◆ **What you have to do**: Below are the records; locate each line with the word "paragraph" and copy it.

Extracted records
- Opening Delimiter -
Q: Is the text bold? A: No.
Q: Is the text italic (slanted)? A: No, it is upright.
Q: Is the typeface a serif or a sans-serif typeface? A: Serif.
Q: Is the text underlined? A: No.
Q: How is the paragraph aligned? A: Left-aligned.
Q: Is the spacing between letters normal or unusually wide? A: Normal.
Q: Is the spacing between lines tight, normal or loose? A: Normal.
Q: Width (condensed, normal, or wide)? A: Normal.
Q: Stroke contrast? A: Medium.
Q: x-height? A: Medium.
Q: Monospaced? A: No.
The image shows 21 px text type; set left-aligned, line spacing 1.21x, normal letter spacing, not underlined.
- Closing Delimiter -
- Opening Delimiter -
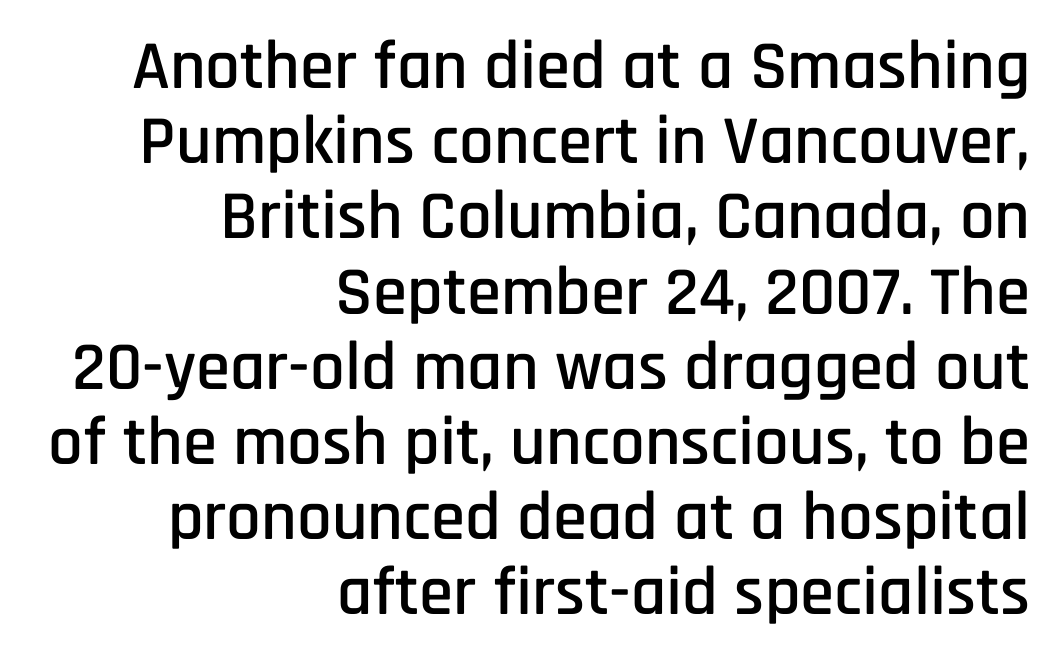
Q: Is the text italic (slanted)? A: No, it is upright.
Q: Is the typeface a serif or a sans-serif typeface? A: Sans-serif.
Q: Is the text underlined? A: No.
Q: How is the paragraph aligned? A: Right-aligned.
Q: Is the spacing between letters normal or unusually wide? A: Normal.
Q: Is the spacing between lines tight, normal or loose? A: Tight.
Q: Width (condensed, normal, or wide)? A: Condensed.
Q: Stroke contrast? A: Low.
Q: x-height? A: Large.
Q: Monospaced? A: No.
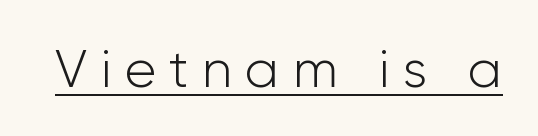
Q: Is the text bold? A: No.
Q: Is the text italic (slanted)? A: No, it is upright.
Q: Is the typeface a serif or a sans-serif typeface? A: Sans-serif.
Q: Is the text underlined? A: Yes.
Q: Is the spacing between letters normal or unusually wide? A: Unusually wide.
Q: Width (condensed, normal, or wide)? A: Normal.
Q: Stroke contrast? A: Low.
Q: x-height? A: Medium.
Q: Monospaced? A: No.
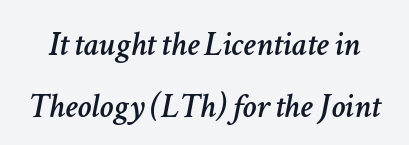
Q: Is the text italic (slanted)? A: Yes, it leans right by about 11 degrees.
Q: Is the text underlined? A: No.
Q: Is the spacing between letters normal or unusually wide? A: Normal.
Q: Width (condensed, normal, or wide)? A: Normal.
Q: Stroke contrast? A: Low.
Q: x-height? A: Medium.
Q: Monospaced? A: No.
- Closing Delimiter -
◆ **Answer box**:
Q: How is the paragraph aligned? A: Left-aligned.
Q: How is the paragraph aligned? A: Right-aligned.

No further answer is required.